Sunday, June 13

AIP/VISIONARY CINEMA ANNOUNCE THREE-PICTURE DEAL

AIP/VISIONARY CINEMA ANNOUNCE THREE-PICTURE DEAL

(June 9, 2010 – Los Angeles, CA)

Legendary low-budget film production company American-International Pictures, founded in 1953, and upstart Visionary Cinema have joined forces to produce three original feature films.

As with the original AIP, the films will have modest budgets and be geared to the independent theatrical and worldwide DVD market.

Best know for the Roger Corman exploitation pictures, AIP is now the proprietorship of Craig Scott Lamb, a passionate filmmaker and promoter who has custody of the shingle and notable others from cinema history.  Writer-director Scott Essman likewise founded Visionary Cinema in New York City in 1988.  The goal of both firms – leading to the natural collaboration - is to produce original content in both live-action and animation, focusing on the science-fiction, fantasy, and horror genres.

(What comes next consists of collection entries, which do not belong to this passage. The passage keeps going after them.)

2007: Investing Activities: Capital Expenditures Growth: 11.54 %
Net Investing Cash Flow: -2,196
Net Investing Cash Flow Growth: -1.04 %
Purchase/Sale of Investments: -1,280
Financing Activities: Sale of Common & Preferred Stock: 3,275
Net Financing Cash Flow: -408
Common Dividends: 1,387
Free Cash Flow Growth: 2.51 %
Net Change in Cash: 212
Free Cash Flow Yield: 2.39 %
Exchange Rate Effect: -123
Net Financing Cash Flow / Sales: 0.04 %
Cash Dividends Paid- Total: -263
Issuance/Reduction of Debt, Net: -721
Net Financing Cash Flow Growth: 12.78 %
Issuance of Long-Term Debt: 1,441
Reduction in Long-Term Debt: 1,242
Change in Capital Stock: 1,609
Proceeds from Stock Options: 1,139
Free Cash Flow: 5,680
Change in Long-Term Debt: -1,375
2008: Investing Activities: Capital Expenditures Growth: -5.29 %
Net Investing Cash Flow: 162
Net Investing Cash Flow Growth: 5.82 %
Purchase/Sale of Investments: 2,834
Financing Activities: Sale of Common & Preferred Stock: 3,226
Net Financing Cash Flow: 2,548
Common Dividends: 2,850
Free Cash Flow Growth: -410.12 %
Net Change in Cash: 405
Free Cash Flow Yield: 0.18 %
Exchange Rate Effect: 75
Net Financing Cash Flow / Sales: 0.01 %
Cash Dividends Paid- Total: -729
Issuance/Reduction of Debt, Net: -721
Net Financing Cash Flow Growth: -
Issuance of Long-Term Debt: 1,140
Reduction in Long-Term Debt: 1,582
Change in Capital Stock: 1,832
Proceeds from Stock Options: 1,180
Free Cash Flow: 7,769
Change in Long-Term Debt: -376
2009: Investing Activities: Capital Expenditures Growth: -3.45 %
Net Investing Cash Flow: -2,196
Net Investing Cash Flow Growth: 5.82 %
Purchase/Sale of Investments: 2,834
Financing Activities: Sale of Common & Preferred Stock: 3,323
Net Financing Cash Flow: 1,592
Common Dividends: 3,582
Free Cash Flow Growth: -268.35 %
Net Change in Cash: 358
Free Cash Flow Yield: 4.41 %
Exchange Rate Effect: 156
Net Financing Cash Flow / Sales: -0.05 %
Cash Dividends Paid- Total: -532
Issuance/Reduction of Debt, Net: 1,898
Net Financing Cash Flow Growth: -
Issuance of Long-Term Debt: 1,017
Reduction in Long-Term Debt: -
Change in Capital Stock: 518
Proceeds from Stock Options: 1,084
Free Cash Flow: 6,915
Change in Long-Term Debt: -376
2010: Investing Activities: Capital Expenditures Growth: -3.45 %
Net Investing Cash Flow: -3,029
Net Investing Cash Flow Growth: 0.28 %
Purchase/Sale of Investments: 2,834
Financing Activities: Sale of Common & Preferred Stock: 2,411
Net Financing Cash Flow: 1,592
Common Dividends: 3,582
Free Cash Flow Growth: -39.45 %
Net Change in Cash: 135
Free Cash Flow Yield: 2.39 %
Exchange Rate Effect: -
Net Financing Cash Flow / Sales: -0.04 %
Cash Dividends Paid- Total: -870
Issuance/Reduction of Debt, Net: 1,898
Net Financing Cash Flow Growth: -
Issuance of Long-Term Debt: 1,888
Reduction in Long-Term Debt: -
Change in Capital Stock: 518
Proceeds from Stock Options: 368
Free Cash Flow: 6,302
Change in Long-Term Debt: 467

“I believe that all filmmakers should know about their industry’s past,” said Lamb.  “It comes in handy to know what they used to do, especially when you can’t afford to have the latest frills.”  Essman added, “I’m thrilled to be aligned with AIP.  They produced many memorable genre films at a time where the studios were rediscovering their m├ętier.  AIP stepped in and filled a great void in genre and exploitation films.”

The first two AIP-Visionary Cinema projects, to be initiated simultaneously, are a live-action and an animated film, both in the aforementioned genre:

Vampire Bat is a public domain remake of a 1933 obscure horror film that starred eventual genre stalwarts Fay Wray, Lionel Atwill, Melvyn Douglas, and Dwight Frye.  One of Lamb’s favorites, Bat – unlike other horror remakes – will retain all of the spirit and story of the original with key updates in designs and dialogue, but will remain a steadfast homage for fans of classic horror movies.

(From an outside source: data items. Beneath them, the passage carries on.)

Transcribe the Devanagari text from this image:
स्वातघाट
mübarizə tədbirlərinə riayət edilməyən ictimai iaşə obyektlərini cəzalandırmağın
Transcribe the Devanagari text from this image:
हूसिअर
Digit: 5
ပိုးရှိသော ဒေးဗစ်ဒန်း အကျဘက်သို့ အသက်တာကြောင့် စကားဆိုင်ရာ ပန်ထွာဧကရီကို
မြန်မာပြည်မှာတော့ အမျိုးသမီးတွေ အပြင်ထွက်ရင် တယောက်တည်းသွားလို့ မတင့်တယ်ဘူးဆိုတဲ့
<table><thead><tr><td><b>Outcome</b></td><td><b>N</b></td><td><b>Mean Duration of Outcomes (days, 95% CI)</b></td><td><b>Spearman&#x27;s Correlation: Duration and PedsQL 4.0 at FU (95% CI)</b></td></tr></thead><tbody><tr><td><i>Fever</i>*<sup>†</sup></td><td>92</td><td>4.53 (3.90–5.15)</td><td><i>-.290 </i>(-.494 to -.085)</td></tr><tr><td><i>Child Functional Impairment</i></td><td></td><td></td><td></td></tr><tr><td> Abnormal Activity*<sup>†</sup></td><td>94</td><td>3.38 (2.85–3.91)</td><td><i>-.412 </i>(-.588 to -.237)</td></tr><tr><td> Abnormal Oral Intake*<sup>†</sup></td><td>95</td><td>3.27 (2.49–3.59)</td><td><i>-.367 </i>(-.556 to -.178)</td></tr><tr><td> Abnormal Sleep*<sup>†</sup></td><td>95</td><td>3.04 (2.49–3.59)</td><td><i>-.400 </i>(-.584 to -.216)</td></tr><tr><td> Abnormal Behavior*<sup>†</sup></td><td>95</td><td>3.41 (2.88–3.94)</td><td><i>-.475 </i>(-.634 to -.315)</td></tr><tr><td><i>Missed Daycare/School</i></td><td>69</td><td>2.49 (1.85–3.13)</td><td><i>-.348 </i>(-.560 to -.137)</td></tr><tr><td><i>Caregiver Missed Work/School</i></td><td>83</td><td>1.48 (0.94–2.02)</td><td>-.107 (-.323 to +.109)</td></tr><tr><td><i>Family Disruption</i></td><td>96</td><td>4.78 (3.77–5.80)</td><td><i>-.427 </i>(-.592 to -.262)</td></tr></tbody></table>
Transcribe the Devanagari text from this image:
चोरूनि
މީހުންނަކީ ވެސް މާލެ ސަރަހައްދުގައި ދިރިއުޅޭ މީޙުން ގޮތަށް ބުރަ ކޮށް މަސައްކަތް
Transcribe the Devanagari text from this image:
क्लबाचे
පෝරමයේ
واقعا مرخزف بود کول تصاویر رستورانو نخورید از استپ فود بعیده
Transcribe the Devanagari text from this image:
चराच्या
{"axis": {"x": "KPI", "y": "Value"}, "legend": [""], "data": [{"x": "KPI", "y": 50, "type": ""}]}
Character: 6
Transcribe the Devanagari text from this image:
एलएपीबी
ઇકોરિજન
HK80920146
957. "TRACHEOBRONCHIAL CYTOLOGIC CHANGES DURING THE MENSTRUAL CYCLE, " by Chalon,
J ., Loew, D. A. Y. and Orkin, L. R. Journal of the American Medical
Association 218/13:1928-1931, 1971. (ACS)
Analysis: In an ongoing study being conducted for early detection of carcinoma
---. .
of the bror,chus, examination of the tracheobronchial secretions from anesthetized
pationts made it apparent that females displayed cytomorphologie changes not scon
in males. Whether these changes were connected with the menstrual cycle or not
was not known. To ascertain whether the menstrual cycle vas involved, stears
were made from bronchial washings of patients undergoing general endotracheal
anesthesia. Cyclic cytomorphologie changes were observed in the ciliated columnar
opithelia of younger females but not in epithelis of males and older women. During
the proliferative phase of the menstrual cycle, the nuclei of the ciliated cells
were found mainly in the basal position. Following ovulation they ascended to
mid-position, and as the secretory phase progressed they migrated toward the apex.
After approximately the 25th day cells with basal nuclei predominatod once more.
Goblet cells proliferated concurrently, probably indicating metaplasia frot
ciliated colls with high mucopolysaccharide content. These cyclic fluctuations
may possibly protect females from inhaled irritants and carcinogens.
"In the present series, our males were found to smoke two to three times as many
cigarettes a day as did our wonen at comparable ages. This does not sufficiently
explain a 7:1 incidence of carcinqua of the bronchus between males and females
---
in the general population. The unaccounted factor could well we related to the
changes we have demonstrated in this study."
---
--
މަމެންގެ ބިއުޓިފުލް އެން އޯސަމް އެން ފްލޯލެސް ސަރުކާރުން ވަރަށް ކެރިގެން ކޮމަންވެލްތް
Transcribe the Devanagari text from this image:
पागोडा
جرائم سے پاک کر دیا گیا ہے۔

The Monster Makers is a mixed-media animation feature chronicling the history of cinema’s great character creators, from Willis O’Brien, Lon Chaney, Jack Pierce, to contemporary artists including Ray Harryhausen, Dick Smith, Stan Winston, Rick Baker and Dennis Muren.  “We want the type of animation used to reflect the spirit of the artists represented,” Essman said, noting those who worked in stop-motion animation, animatronics, special makeup effects, and computer graphics imagery.

The third collaboration between the two companies will be disclosed in the near future.